Issue 27926: ctypes is too slow to convert a Python list to a C array (original) (raw)

This is a consequence of several factors. It starts with the init method of ctypes.Array, Array_init. This function doesn't hard-code calling the base sq_ass_item slot function, Array_ass_item. If it did, it wouldn't be nearly as slow. Instead it calls the abstract function PySequence_SetItem. Doing it this way accommodates an array subclass that overrides setitem.

What I'd like to do here is check whether the sq_ass_item slot is defined as Array_ass_item, and if so call it directly instead of PySequence_SetItem. But it turns out that it's not set as Array_ass_item even if the subclass doesn't override setitem, and more than anything this is the real culprit for the relative slowness of Array_init.

If a built-in type such as ctypes.Array defines both mp_ass_subscript and sq_ass_item, then the setitem wrapper_descriptor wraps the more generic mp_ass_subscript slot function. Then for a subclass, update_one_slot in Objects/typeobject.c plays it safe when updating the sq_ass_item slot. It sees that the inherited setitem descriptor doesn't call wrap_sq_setitem, so it defines the slot in the subclass to use the generic function slot_sq_ass_item.

This generic slot function goes the long way around to look up and bind the setitem method and convert the Py_ssize_t index to a Python integer, to call the wrapper that calls the mp_ass_subscript slot. To add insult to injury, the implementation of this slot for a ctypes Array, Array_ass_subscript, has to convert back to a Py_ssize_t integer via PyNumber_AsSsize_t.

I don't know if this can be resolved while preserving the generic design of the initializer. As is, calling PySequence_SetItem in a tight loop is ridiculously slow. I experimented with calling Array_ass_item directly. With this change it's as fast as assigning to a slice of the whole array. Actually with a list it's a bit slower because *t has to be copied to a tuple. But it takes about the same amount of time as assigning to a slice when t is already a tuple, such as tuple(range(1000000)).

I doubt any amount of tweaking will make ctypes as fast as an array.array. ctypes has a generic design to accommodate simple C data, pointers, and aggregate arrays, structs, and unions. This comes with some cost to performance. However, you can and should make use of the buffer protocol to use arrays from the array module or numpy where performance is critical. It's trivial to create a ctypes array from an object that supports the buffer protocol. For example:

v = array.array('I', t)
a = (ctypes.c_uint32 * len(v)).from_buffer(v)

There's no need to use the array.array's buffer_info() or ctypes.cast(). The from_buffer() method creates an array that shares the buffer of the source object, so it's relatively fast. It's also returning a sized array instead of a lengthless pointer (though it is possible to cast to an array pointer and immediately dereference the array).

Thank you for these explanations.

I understand that we get a generic function to the cost of performances.
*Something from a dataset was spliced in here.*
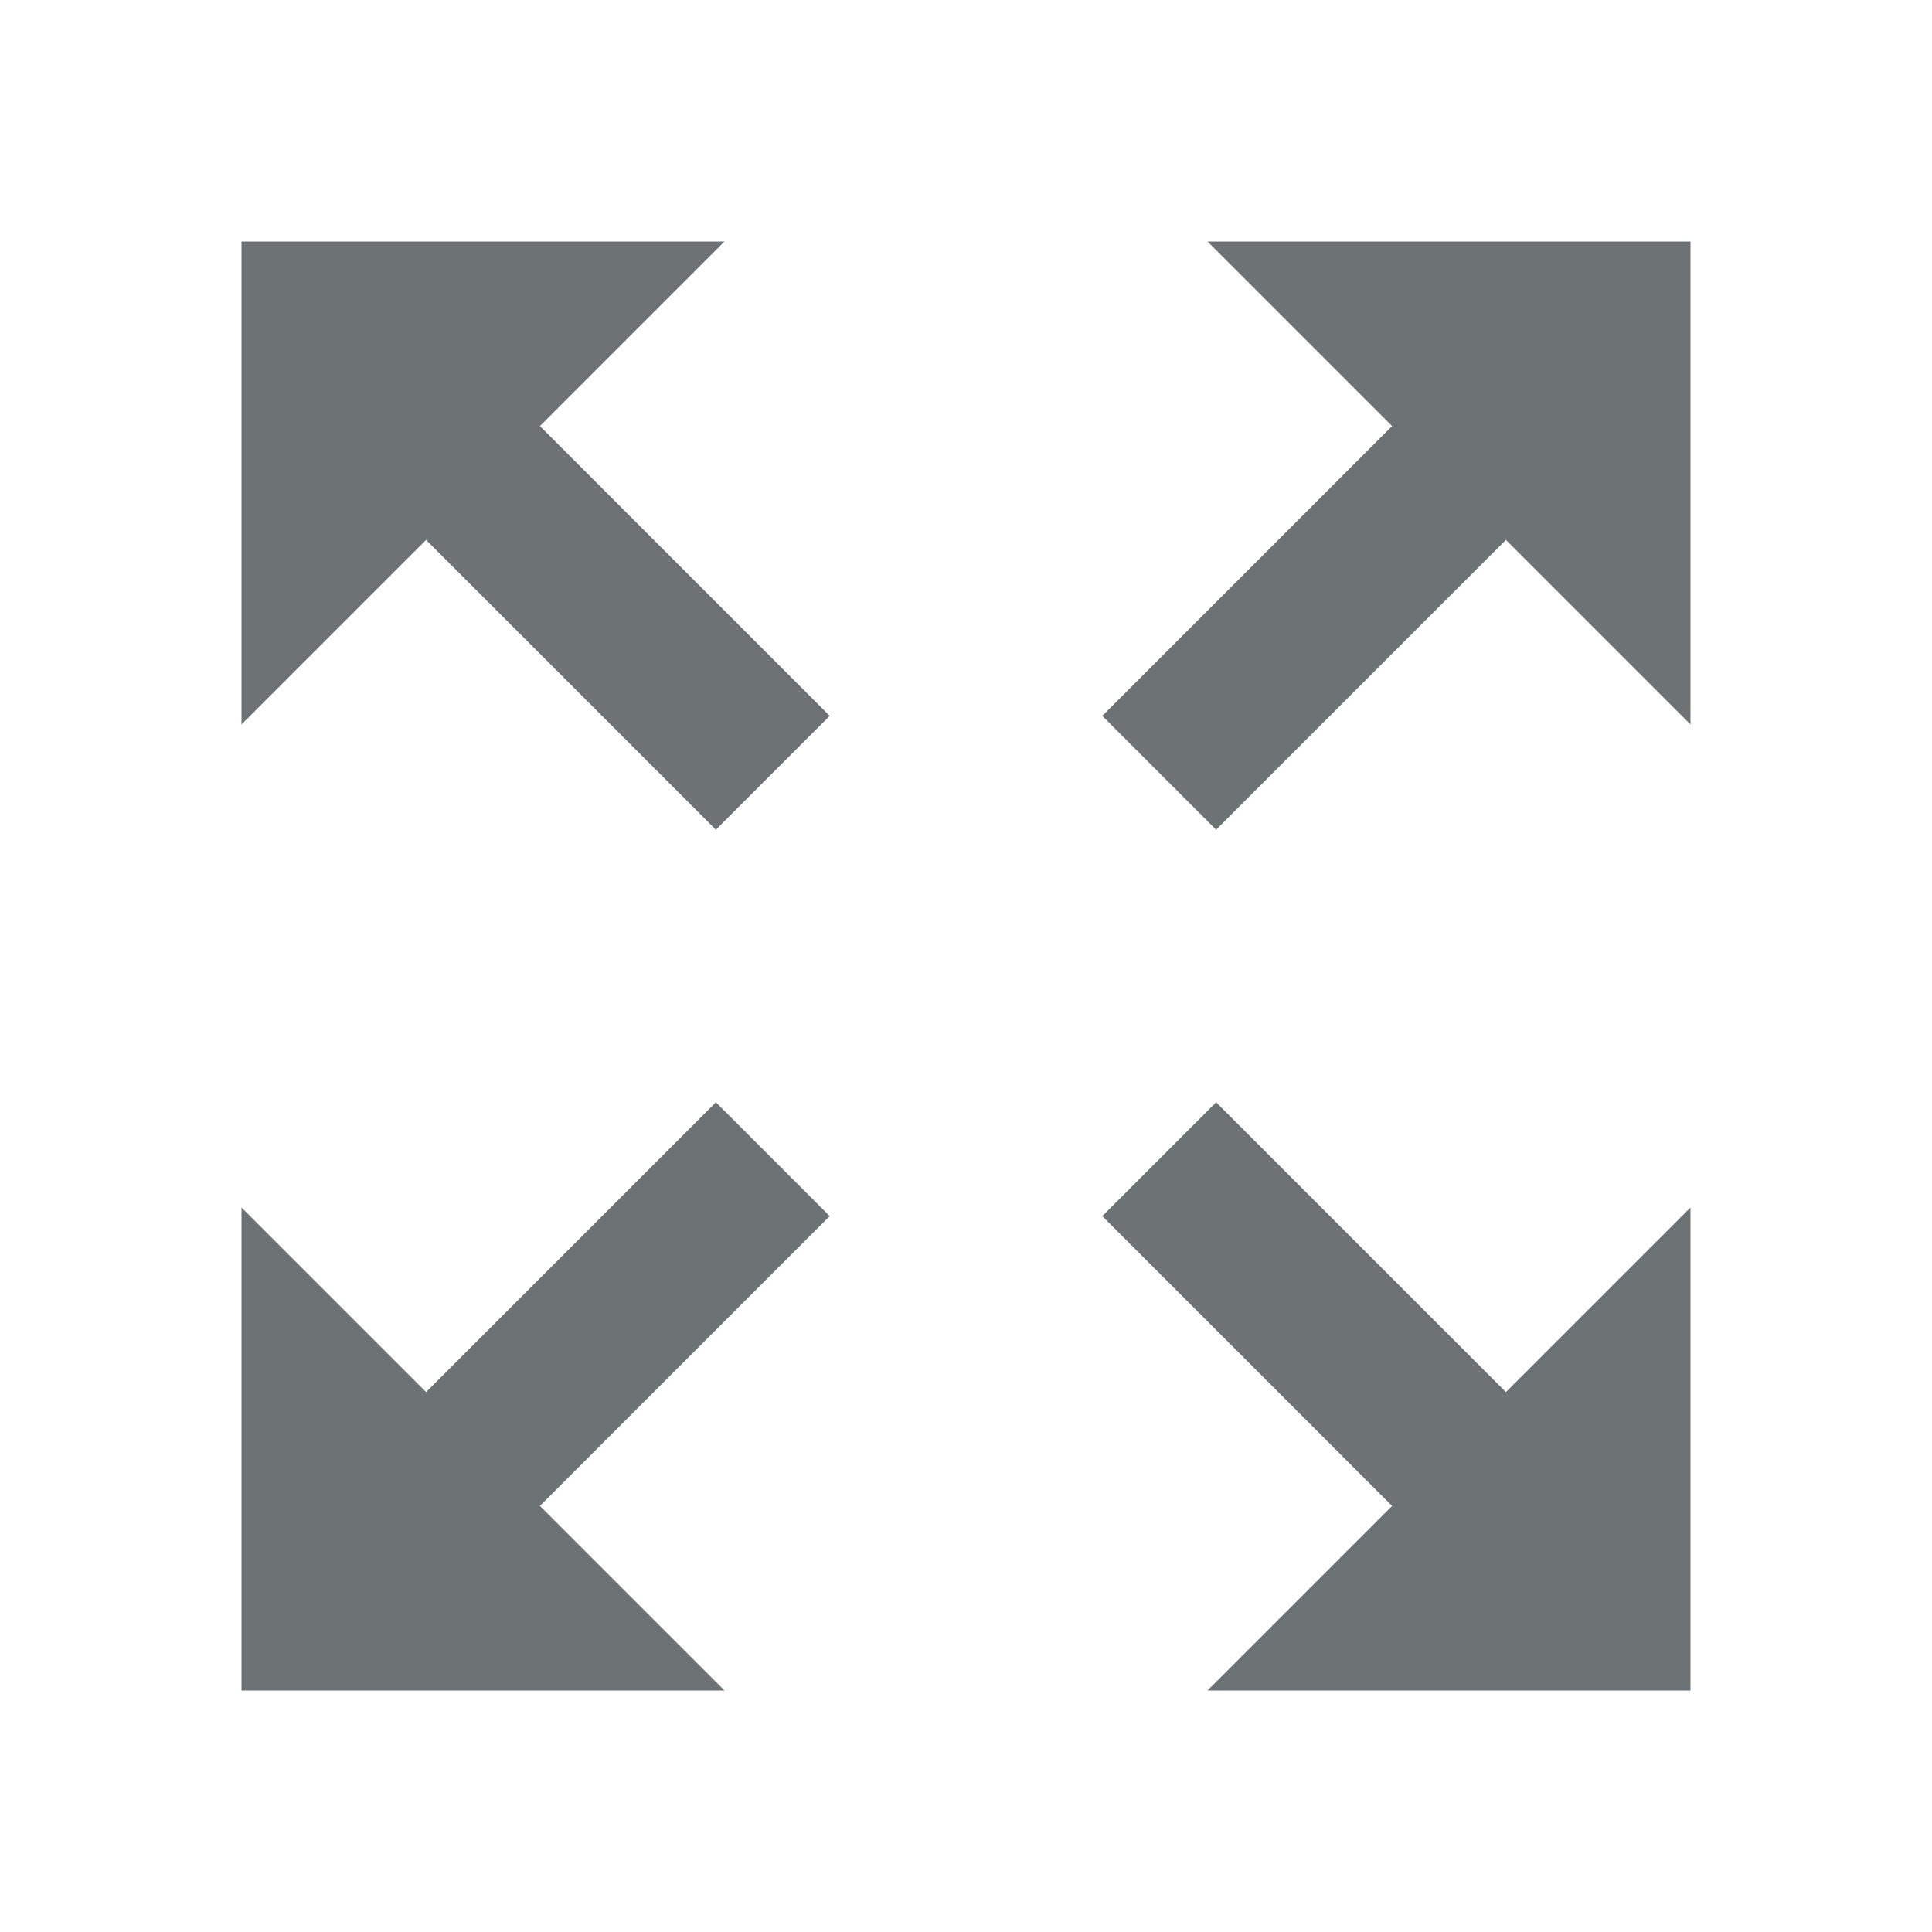 <?xml version="1.0"?><svg fill="#6d7275" xmlns="http://www.w3.org/2000/svg"  viewBox="0 0 24 24" width="48px" height="48px">    <path d="M 3 3 L 3 9 L 5.293 6.707 L 8.893 10.307 L 10.307 8.893 L 6.707 5.293 L 9 3 L 3 3 z M 15 3 L 17.293 5.293 L 13.693 8.893 L 15.107 10.307 L 18.707 6.707 L 21 9 L 21 3 L 15 3 z M 8.893 13.693 L 5.293 17.293 L 3 15 L 3 21 L 9 21 L 6.707 18.707 L 10.307 15.107 L 8.893 13.693 z M 15.107 13.693 L 13.693 15.107 L 17.293 18.707 L 15 21 L 21 21 L 21 15 L 18.707 17.293 L 15.107 13.693 z"/></svg>

However, I think we should at least tell in the documentation that the constructor (ctypes.c_uint32 * len(t))(*t) is slow and that we can do much faster in some specific cases (e.g. an array of integers).

It would be even better to have some specific method(s) to do this in ctypes, instead of having to rely on an array.array just to build a ctypes array from a list. I am not familiar with CPython code, so I do not know if it would be easily feasible.